The Kurdish Globe
- Type: Weekly newspaper
- Editor-in-chief: Tahir Taeb Jaff
- Editor: Tahir Taeb Jaff
- Founded: 2005
- Political alignment: KRG
- Language: English
- Headquarters: Erbil, Kurdistan Region, Iraq
- Readership: +40,000
- Website: www.kurdishglobe.net

= The Kurdish Globe =

The Kurdish Globe, previously known as The Hewler Globe, is the first English-language newspaper published in Erbil, Kurdistan, northern Iraq.

Published for the first time on March 31, 2005, its editor-in-chief and founder is Jawad Qadir. The name was changed from The Hewler Globe to The Kurdish Globe since the paper included issues of a pan-Kurdish nature, including all parts of Kurdistan in Iraq, Iran, Syria and Anatolia, and not just Hewlêr (Kurdish for Erbil).

This weekly newspaper is published every Tuesday.

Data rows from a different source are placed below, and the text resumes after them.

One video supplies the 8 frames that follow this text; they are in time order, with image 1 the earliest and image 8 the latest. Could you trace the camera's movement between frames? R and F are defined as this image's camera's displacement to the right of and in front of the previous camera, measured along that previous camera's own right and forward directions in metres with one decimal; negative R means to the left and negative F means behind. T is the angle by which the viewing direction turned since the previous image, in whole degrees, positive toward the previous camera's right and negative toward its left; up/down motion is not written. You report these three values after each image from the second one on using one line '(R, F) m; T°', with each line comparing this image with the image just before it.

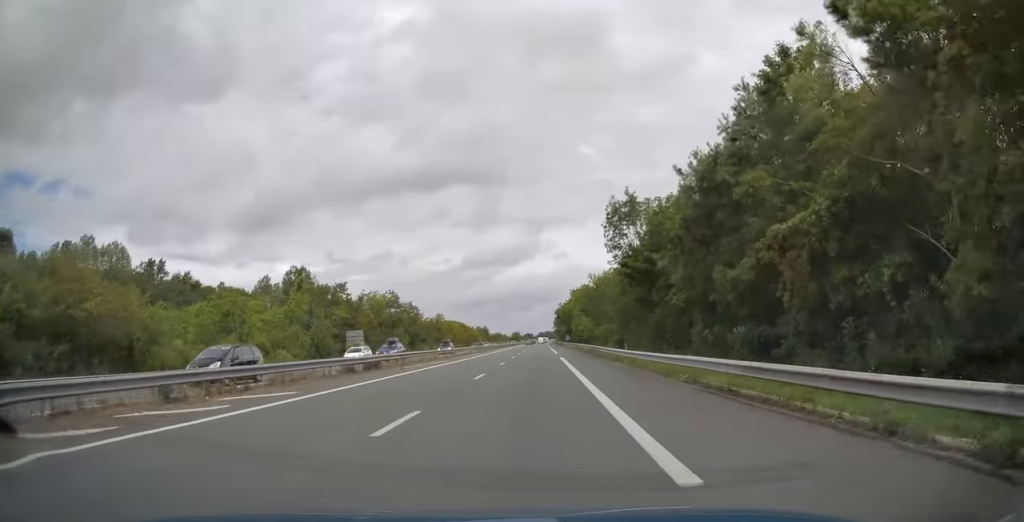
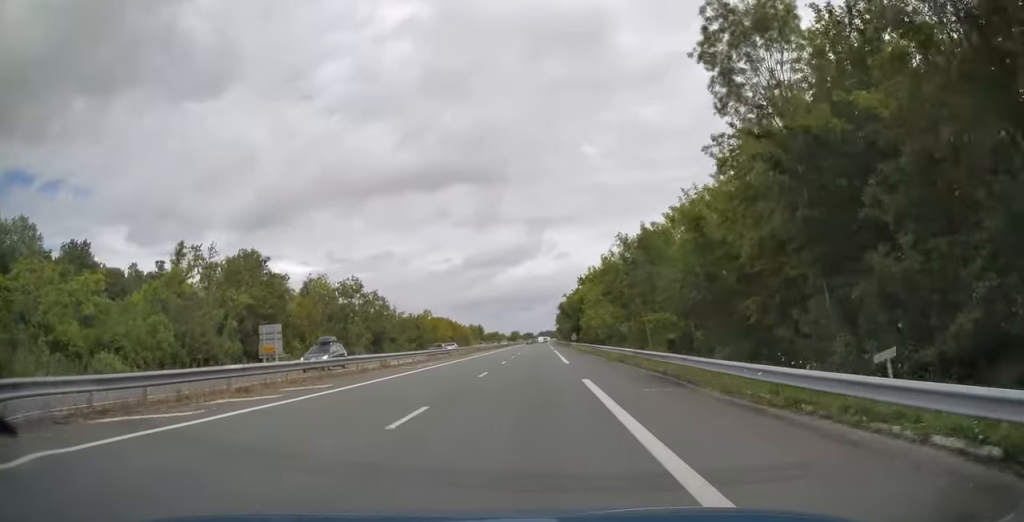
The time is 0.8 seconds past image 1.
(0.0, +25.3) m; 0°
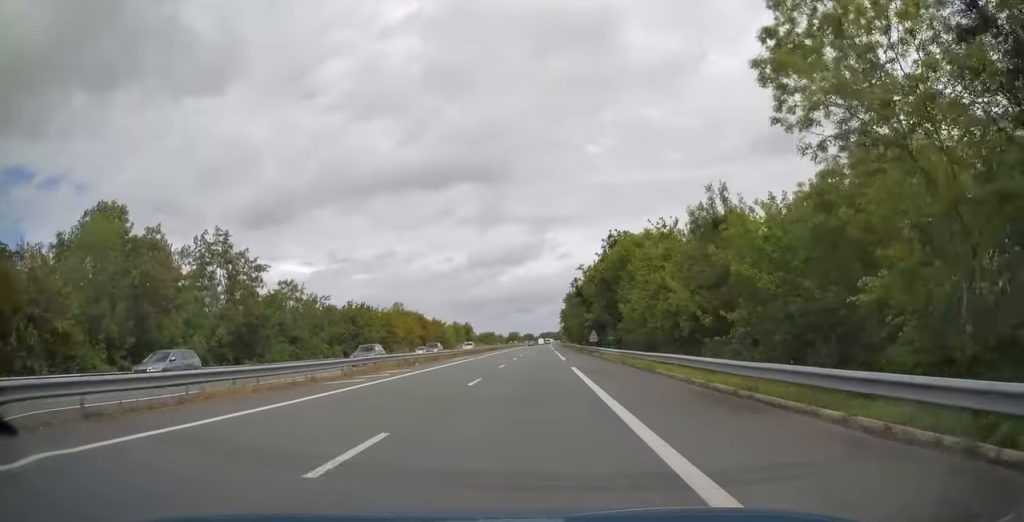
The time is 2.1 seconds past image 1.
(+0.1, +42.5) m; 0°
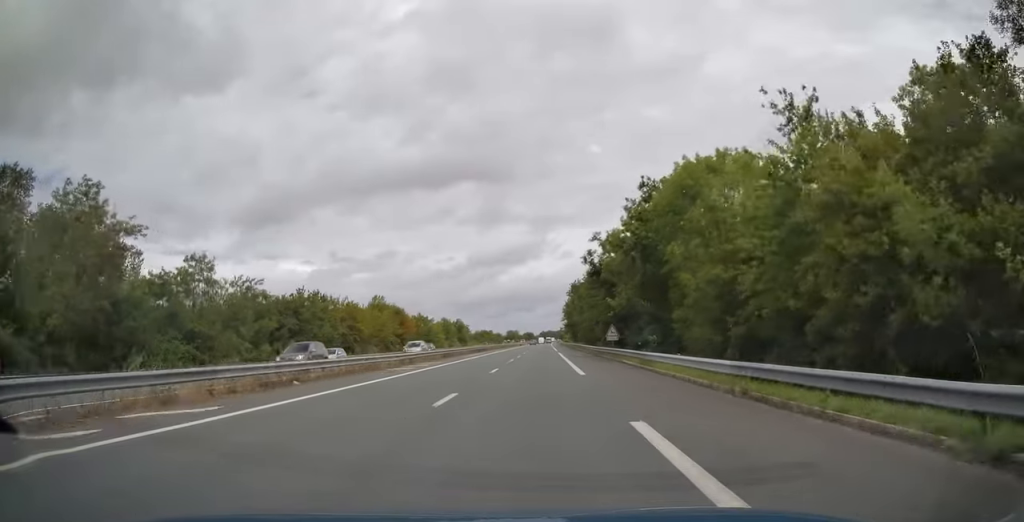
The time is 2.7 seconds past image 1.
(-0.1, +19.4) m; 0°
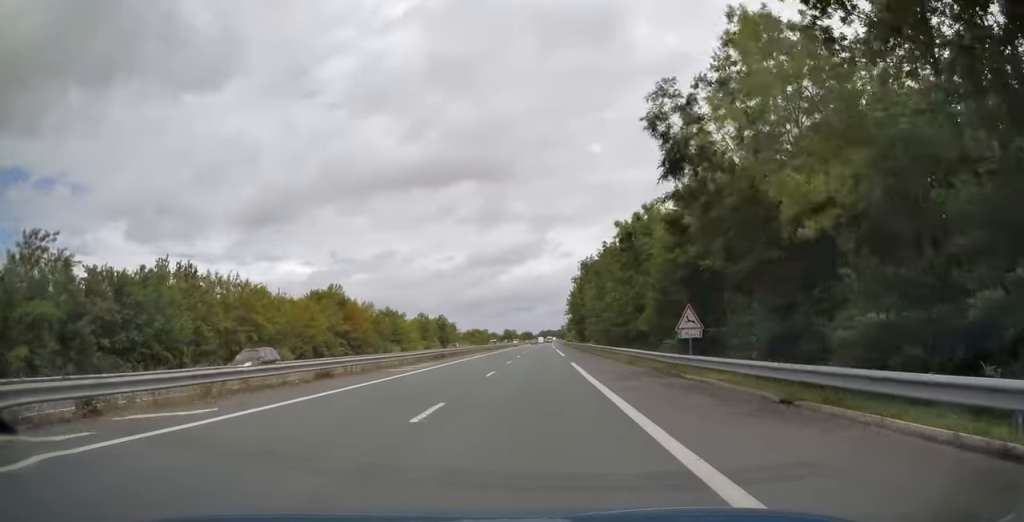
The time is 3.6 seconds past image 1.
(+0.1, +28.4) m; 0°
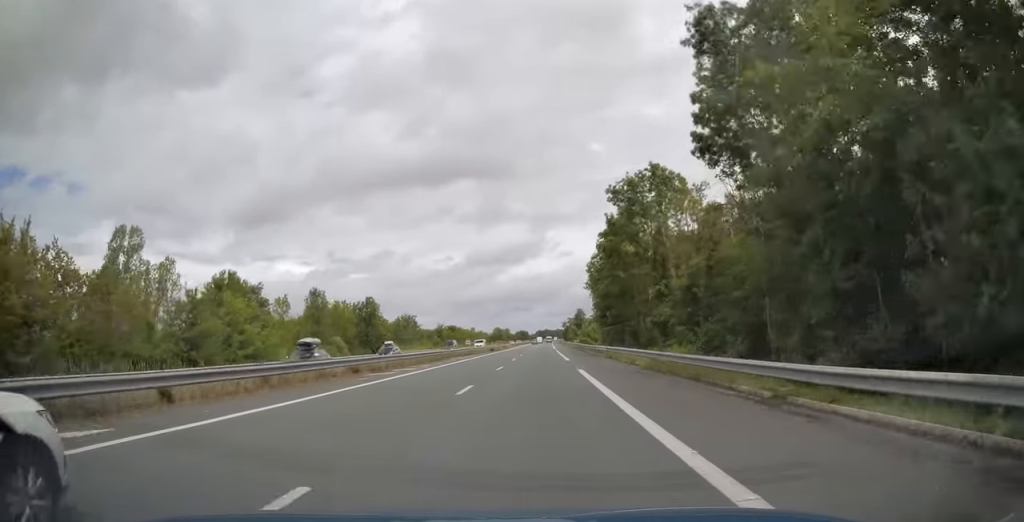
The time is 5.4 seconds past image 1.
(+0.1, +59.4) m; 0°
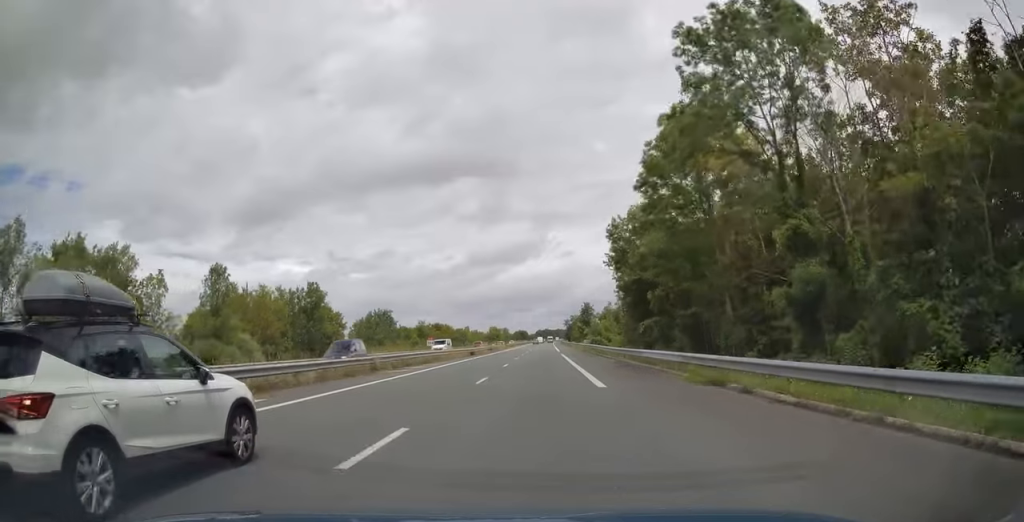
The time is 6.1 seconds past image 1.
(0.0, +22.0) m; 0°
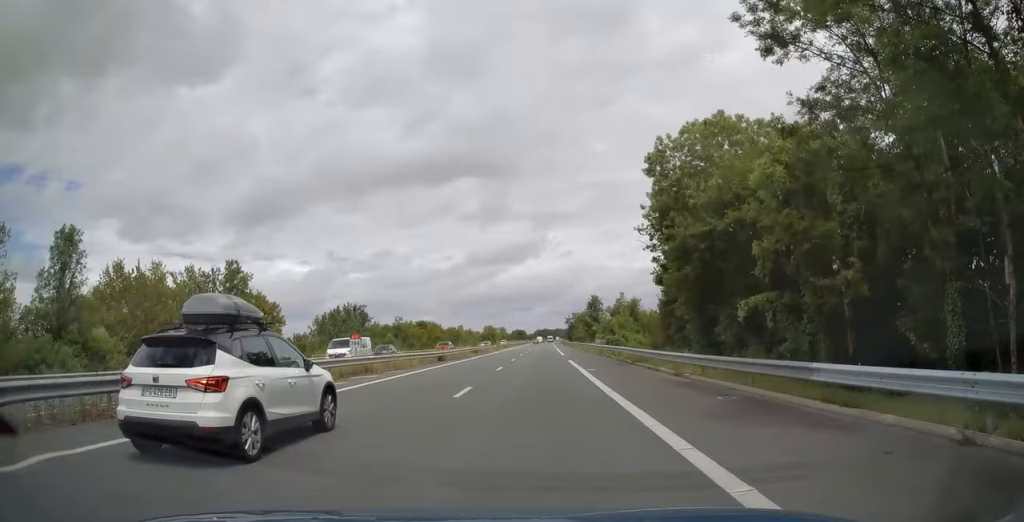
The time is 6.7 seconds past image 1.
(0.0, +17.7) m; 0°

It focuses primarily on Kurdish issues ranging from politics to culture, as well as Middle East-related issues and politics.

Its main rival is SOMA Digest, the second English language newspaper published in the Kurdistan region. Whereas The Kurdish Globe is edited from the point of view of the Kurdistan Regional Government, SOMA Digest is closely related to the Patriotic Union of Kurdistan (PUK).